WHAT YOU SHOULD DO ::
Would you please repeat the material exactly, from the first line to the last?

Start of DATA SHOWN

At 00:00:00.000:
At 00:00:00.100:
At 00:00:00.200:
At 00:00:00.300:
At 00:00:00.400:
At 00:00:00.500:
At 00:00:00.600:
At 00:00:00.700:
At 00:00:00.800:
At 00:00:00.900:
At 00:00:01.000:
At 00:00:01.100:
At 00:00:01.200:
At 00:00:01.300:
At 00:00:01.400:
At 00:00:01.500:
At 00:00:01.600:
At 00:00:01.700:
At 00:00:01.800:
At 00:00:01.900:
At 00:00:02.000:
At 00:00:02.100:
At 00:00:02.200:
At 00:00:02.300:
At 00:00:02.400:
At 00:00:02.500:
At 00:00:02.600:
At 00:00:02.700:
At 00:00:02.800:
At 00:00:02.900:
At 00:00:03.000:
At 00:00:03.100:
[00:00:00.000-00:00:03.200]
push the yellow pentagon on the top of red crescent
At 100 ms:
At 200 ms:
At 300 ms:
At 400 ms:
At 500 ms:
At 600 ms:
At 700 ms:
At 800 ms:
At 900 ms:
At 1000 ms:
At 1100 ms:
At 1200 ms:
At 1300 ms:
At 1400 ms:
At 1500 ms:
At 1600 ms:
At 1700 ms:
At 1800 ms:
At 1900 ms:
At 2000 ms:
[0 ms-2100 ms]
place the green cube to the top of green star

End of DATA SHOWN

OUTPUT OF THE EXERCISE ::
At 00:00:00.000:
At 00:00:00.100:
At 00:00:00.200:
At 00:00:00.300:
At 00:00:00.400:
At 00:00:00.500:
At 00:00:00.600:
At 00:00:00.700:
At 00:00:00.800:
At 00:00:00.900:
At 00:00:01.000:
At 00:00:01.100:
At 00:00:01.200:
At 00:00:01.300:
At 00:00:01.400:
At 00:00:01.500:
At 00:00:01.600:
At 00:00:01.700:
At 00:00:01.800:
At 00:00:01.900:
At 00:00:02.000:
At 00:00:02.100:
At 00:00:02.200:
At 00:00:02.300:
At 00:00:02.400:
At 00:00:02.500:
At 00:00:02.600:
At 00:00:02.700:
At 00:00:02.800:
At 00:00:02.900:
At 00:00:03.000:
At 00:00:03.100:
[00:00:00.000-00:00:03.200]
push the yellow pentagon on the top of red crescent
At 100 ms:
At 200 ms:
At 300 ms:
At 400 ms:
At 500 ms:
At 600 ms:
At 700 ms:
At 800 ms:
At 900 ms:
At 1000 ms:
At 1100 ms:
At 1200 ms:
At 1300 ms:
At 1400 ms:
At 1500 ms:
At 1600 ms:
At 1700 ms:
At 1800 ms:
At 1900 ms:
At 2000 ms:
[0 ms-2100 ms]
place the green cube to the top of green star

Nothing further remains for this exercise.